Dynamic parameter tuning
Most MPPI parameters can be changed at runtime without restarting Nav2:
Exception: time_steps and model_dt are allocated at init time. Changing them dynamically corrupts internal buffers — always change via YAML and restart.
Config Files¶
All files are in ~/workspaces/isaac_ros-dev/:
| File | Purpose |
|---|---|
nav2_carter_params.yaml |
Nav2 node parameters (costmaps, planner, controller, speeds) |
nav2_carter_launch.py |
Custom launch file (skips missing nav2_route package) |
nav2_bt_carter.xml |
Behavior tree — replan rate, recovery behaviors |
launch_nav2.sh |
Shell wrapper with FastDDS and RMW env vars |
odom_tf_bridge.py |
Converts /chassis/odom to odom -> base_link TF broadcast |
cmd_vel_relay.py |
Pass-through relay /cmd_vel -> /cmd_vel_raw (for OmniGraph remap) |
Auto-start entrypoint scripts (in /usr/local/bin/scripts/entrypoint_additions/):
| File | Purpose |
|---|---|
75-odom-tf-bridge.sh |
Odom TF bridge on container boot |
76-static-map-odom.sh |
Static map->odom TF on container boot |
77-cmd-vel-relay.sh |
cmd_vel relay on container boot |
80-nav2.sh |
Nav2 stack on container boot |
Troubleshooting¶
TF and localization¶
"Timed out waiting for transform"
: The TF chain is incomplete. Verify all three links exist: map -> odom (static publisher or cuVSLAM), odom -> base_link (odom_tf_bridge.py), base_link -> sensors (Isaac Sim). transform_tolerance is set to 0.5s.
Point cloud rotated/drifted : cuVSLAM has lost tracking accuracy (often after a collision). Restart cuVSLAM to reset:
```bash
docker exec isaac_ros_dev_container bash -c "pkill -f visual_slam"
```
Then relaunch cuVSLAM.
Planning and goals¶
Planner fails to find path
: The goal may be outside the costmap (60m rolling window), or in unknown space. With track_unknown_space: false, the costmap defaults to free, so this should be rare. Check the goal is within range with ros2 run tf2_ros tf2_echo map base_link.
Robot doesn't stop at goal
: The config uses SimpleGoalChecker with 0.5m/0.5rad tolerance.
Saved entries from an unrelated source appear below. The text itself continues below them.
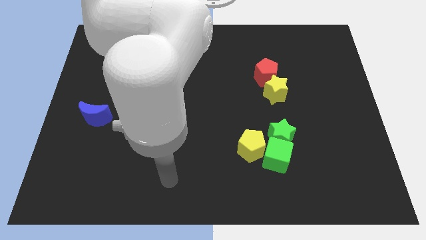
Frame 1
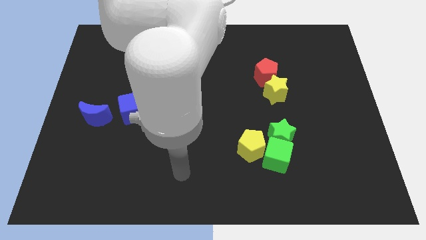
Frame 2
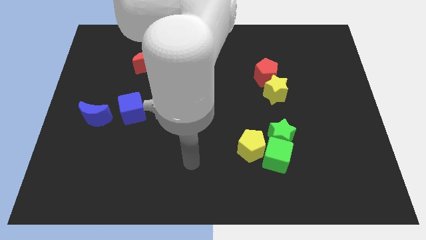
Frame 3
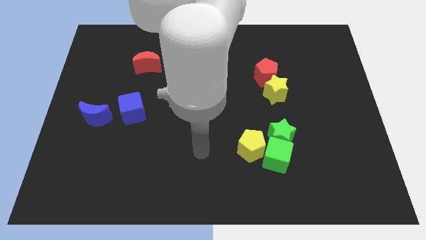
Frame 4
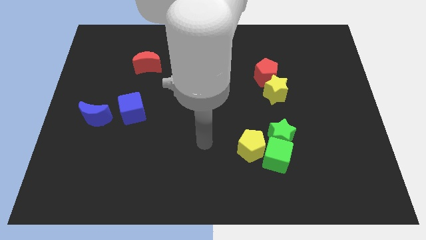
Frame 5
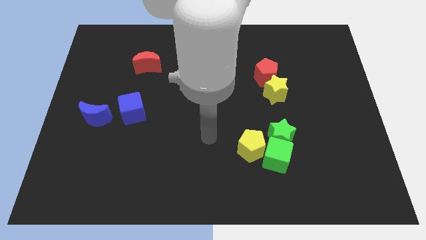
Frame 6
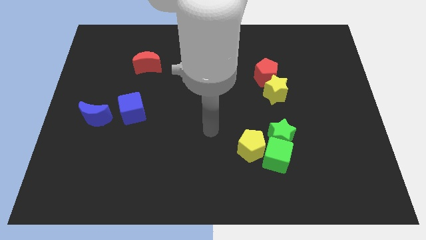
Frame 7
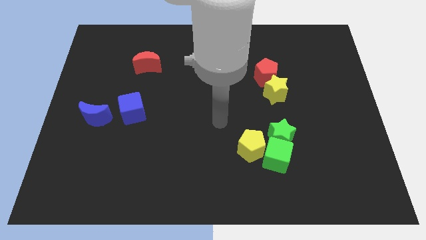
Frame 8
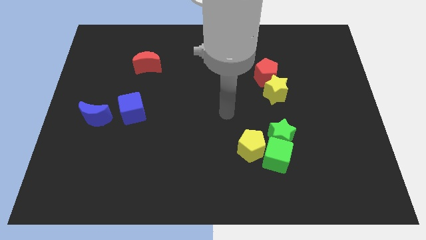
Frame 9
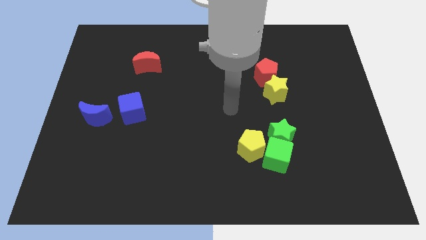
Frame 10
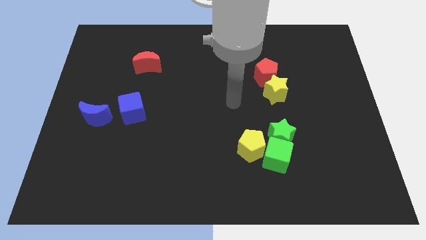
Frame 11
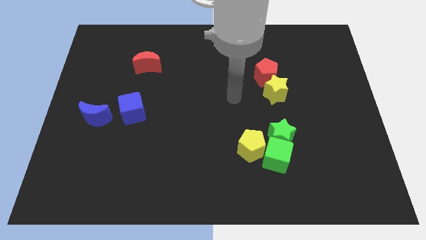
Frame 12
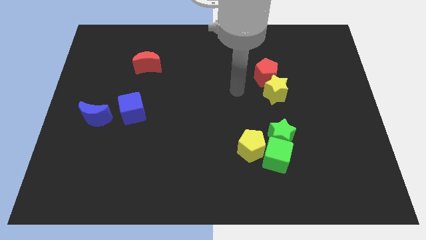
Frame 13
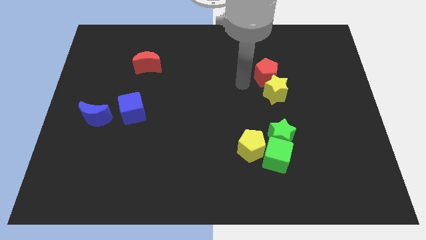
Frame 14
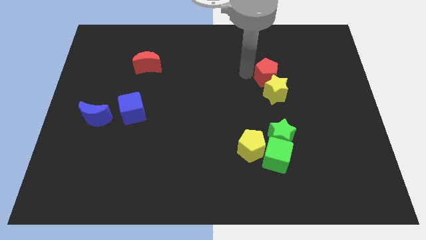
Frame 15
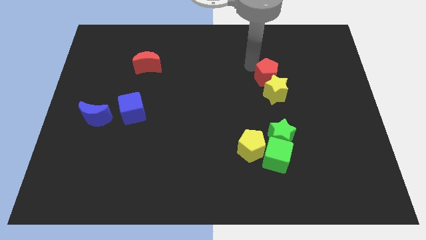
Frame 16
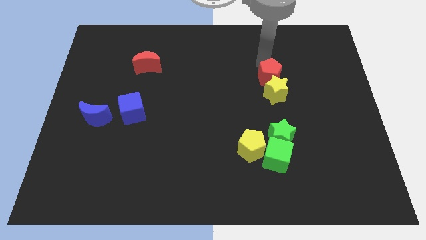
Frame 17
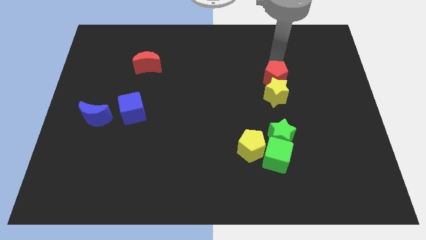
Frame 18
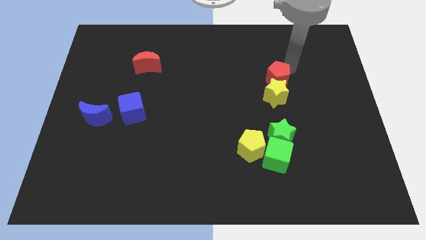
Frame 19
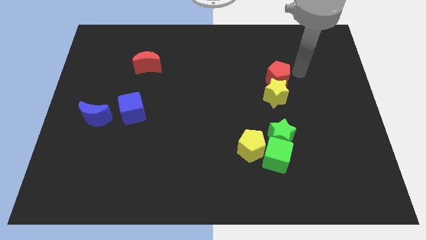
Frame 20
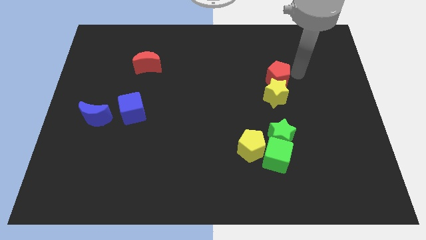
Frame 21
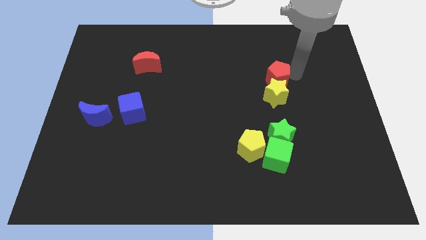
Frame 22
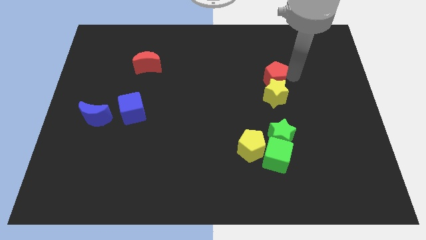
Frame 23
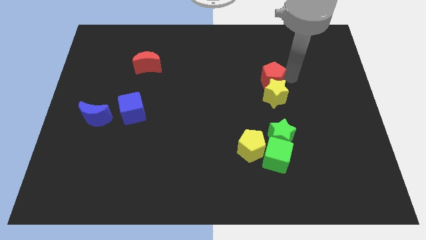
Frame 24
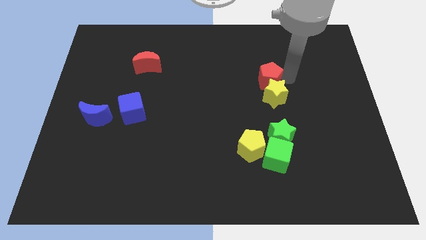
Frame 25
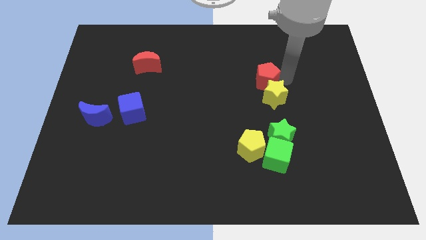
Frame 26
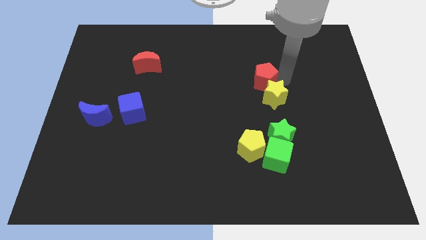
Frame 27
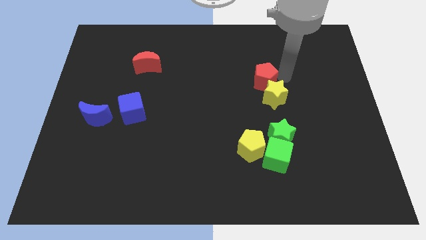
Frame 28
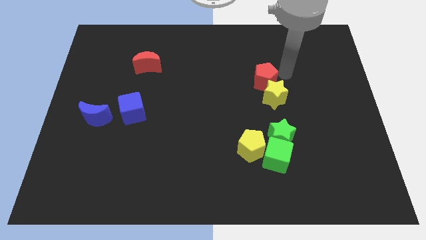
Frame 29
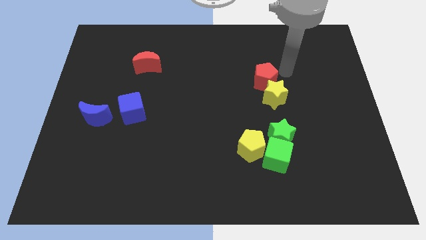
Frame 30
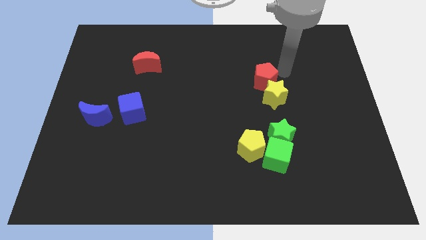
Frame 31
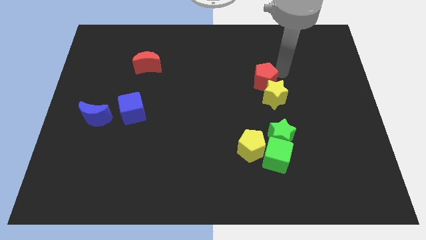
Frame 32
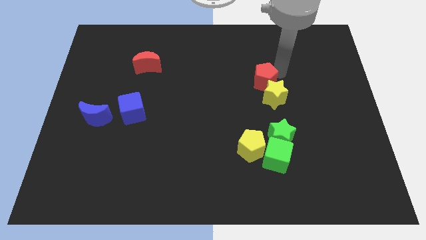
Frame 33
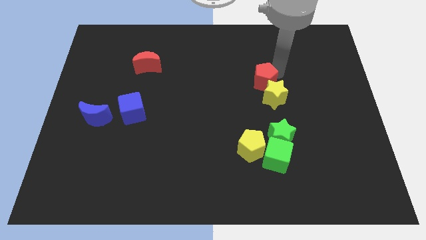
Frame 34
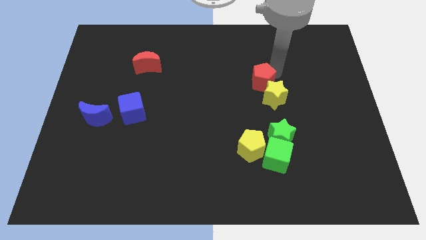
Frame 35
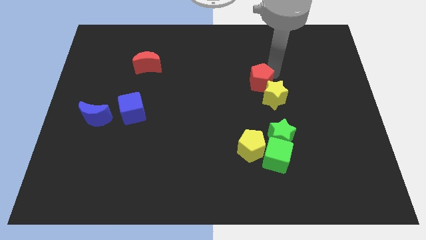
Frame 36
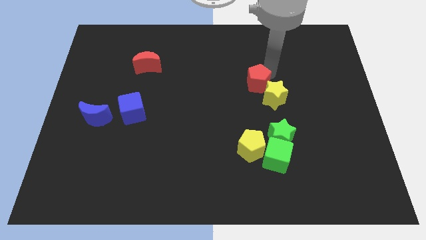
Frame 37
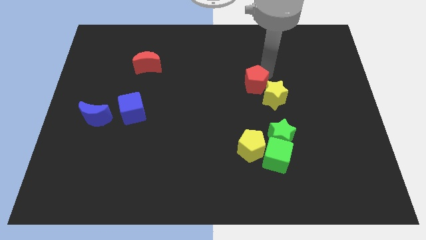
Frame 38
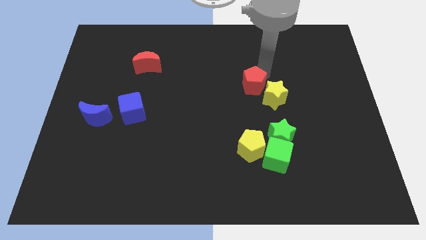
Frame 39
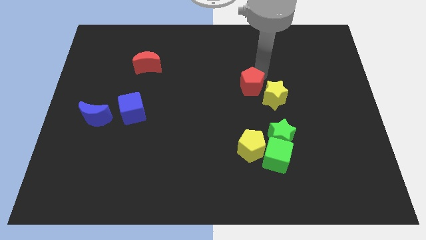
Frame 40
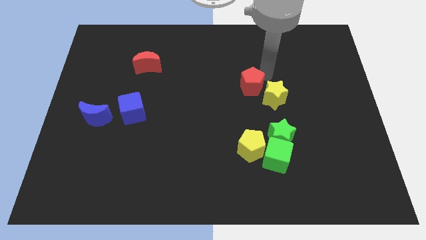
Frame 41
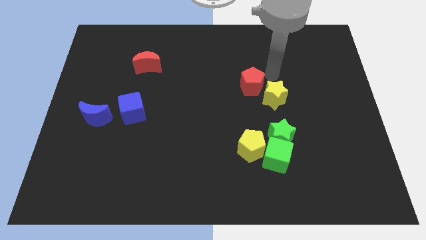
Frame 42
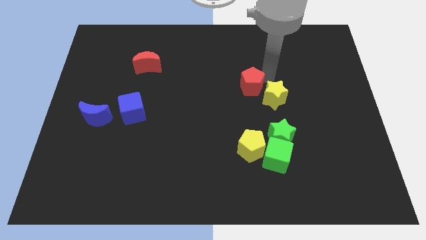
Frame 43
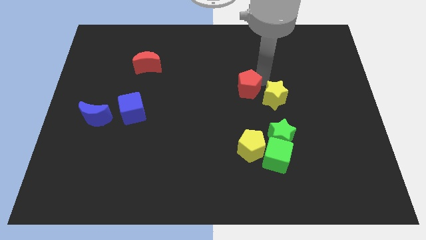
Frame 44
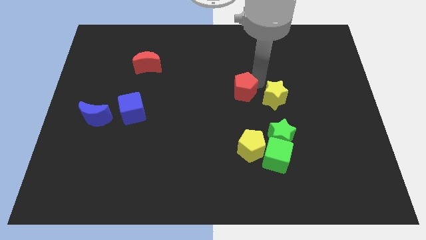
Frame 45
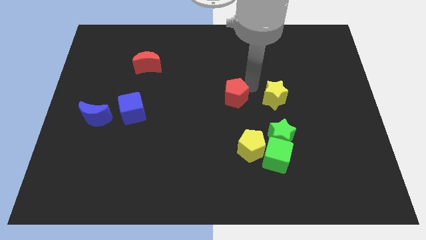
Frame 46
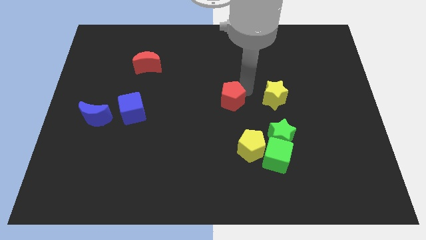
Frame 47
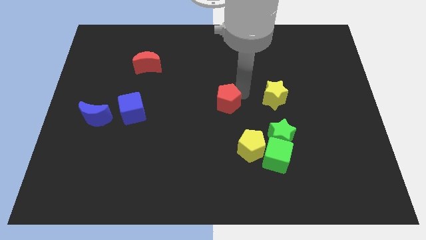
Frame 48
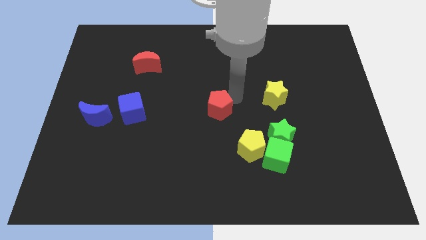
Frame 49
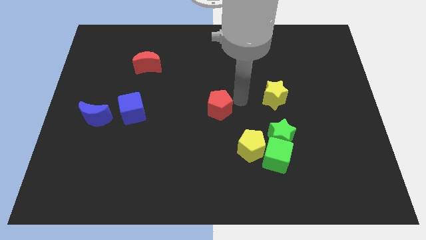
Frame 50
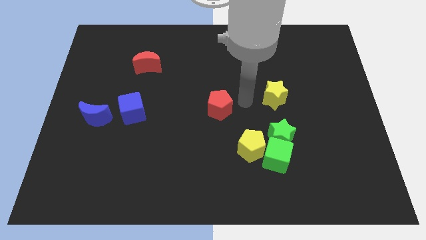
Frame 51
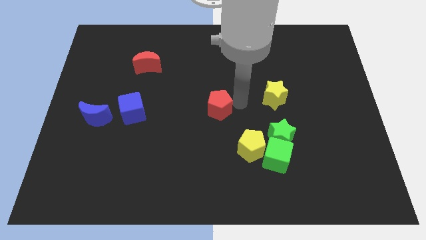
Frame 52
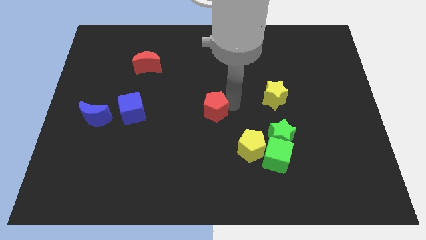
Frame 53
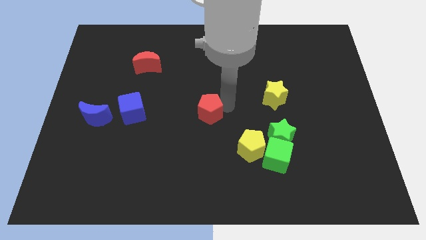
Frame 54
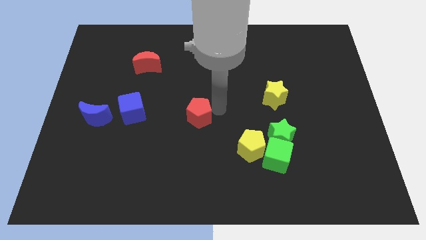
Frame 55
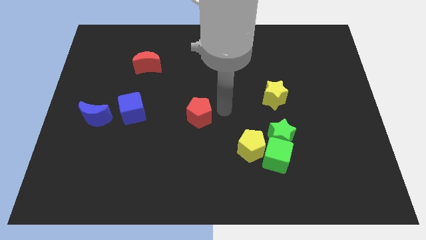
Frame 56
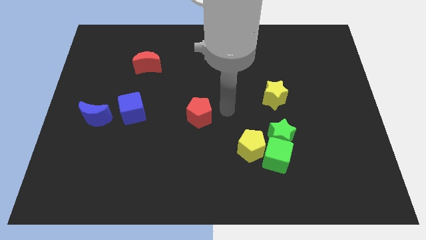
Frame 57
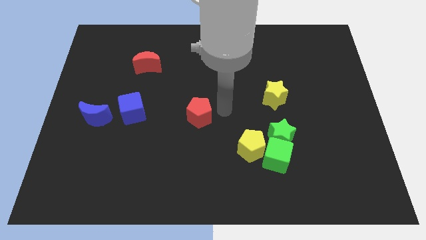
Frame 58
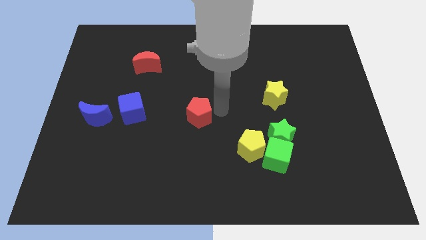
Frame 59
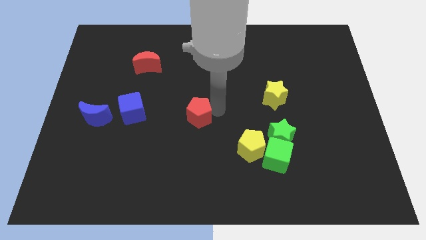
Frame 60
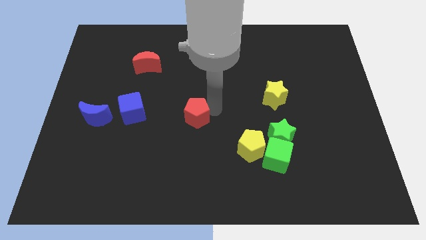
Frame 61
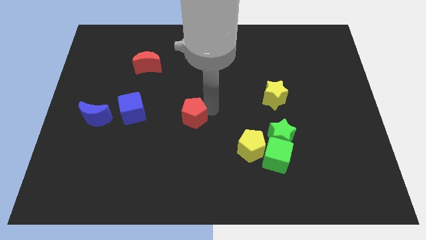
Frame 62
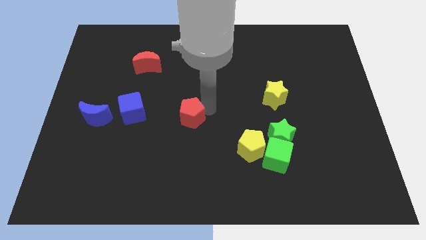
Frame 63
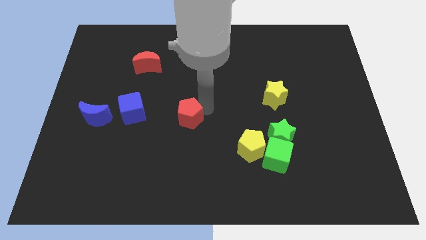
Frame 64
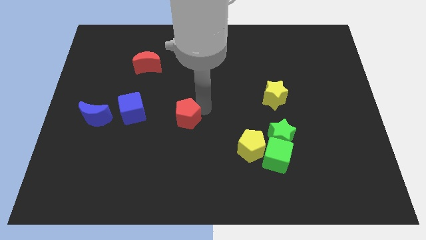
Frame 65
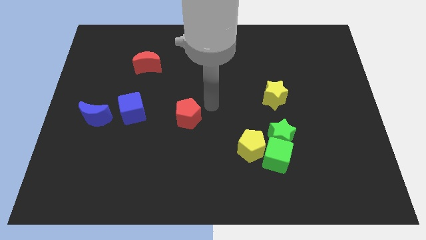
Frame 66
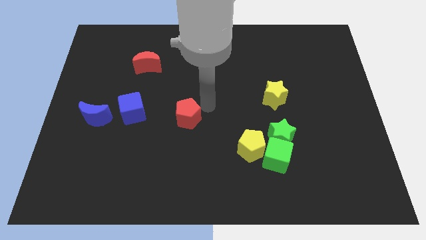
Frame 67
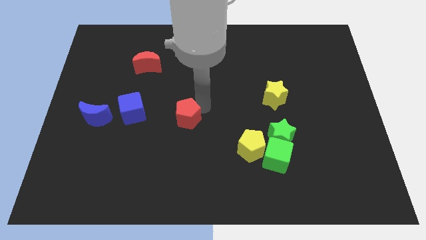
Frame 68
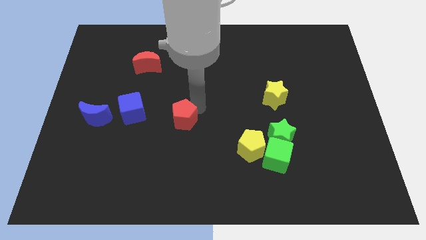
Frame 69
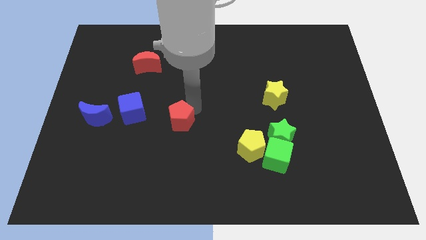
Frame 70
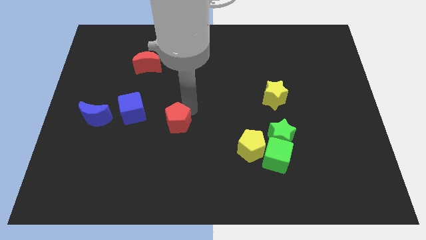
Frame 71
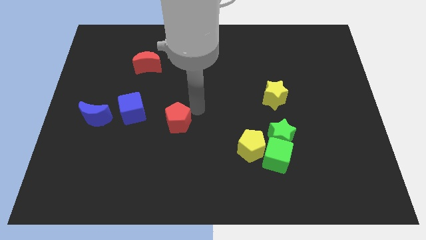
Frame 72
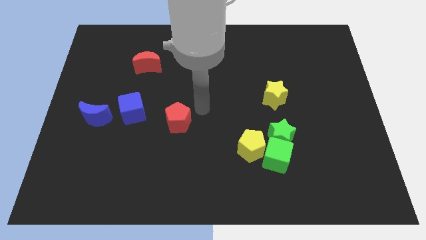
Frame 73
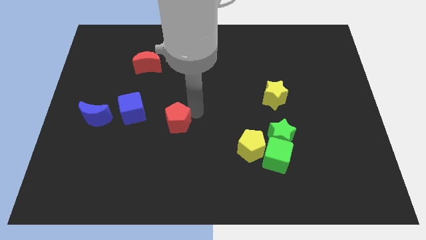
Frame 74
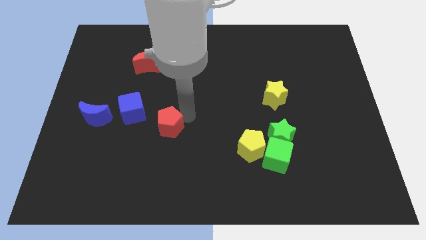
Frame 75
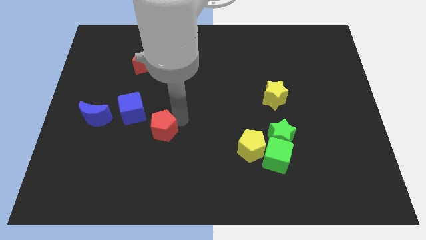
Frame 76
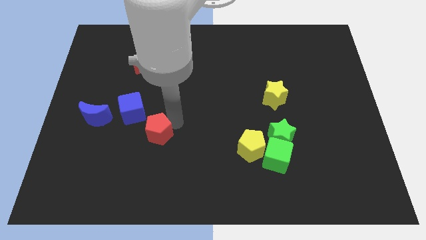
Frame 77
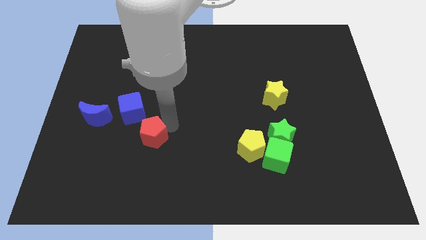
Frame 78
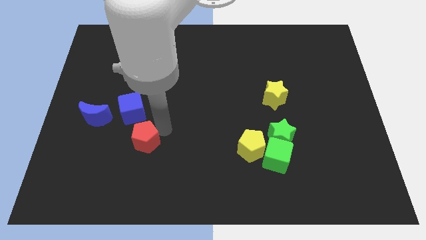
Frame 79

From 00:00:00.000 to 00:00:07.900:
move the red pentagon to the bottom side of the blue cube

If using StoppedGoalChecker instead, the robot may never satisfy the "fully stopped" condition and loop forever.
Movement issues¶
"Sensor origin is out of map bounds"
: Harmless warning. The lidar mount (~2m) is above the costmap's max_obstacle_height (1.9m). The costmap still works.
Process management¶
Duplicate node errors on relaunch
: Old Nav2 processes linger after pkill. Wait ~30 seconds for DDS discovery to clean up stale entries before relaunching. Check with ros2 node list.
Stopping Nav2
Killing a tmux session running docker exec does not kill the processes inside the container. Always stop from inside:
docker exec isaac_ros_dev_container bash -c \
"pkill -9 -f controller_server; pkill -9 -f smoother_server; \
pkill -9 -f planner_server; pkill -9 -f behavior_server; \
pkill -9 -f bt_navigator; pkill -9 -f velocity_smoother; \
pkill -9 -f waypoint_follower; pkill -9 -f lifecycle_manager; \
pkill -9 -f nav2_carter_launch; pkill -9 -f launch_nav2"
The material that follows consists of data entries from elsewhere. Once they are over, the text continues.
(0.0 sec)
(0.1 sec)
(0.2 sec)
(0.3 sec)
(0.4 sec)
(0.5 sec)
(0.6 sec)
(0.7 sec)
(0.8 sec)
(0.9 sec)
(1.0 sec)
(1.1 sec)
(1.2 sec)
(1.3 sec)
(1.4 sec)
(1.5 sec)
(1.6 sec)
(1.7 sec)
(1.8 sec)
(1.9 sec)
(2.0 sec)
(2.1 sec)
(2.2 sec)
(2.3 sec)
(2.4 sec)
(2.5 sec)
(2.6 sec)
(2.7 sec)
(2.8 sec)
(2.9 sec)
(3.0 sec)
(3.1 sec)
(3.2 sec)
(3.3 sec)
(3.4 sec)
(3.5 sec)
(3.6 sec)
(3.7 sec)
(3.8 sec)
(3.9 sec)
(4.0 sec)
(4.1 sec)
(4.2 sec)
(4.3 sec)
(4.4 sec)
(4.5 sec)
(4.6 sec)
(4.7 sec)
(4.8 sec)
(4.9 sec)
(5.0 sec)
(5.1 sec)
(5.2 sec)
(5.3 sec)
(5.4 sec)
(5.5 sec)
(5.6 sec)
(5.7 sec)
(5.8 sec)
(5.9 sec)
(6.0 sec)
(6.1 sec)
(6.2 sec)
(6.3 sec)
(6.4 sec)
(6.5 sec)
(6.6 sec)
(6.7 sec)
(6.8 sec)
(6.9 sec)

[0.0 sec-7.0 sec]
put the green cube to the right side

Then wait ~30 seconds before relaunching so DDS clears the stale node registrations.
Plugin naming in Jazzy
Nav2 Jazzy requires :: separator for plugin names (e.g., nav2_smac_planner::SmacPlannerHybrid). The older / format (e.g., nav2_smac_planner/SmacPlannerHybrid) causes "class does not exist" errors. Also, plugin_lib_names should NOT be listed in bt_navigator config — built-in plugins are registered automatically.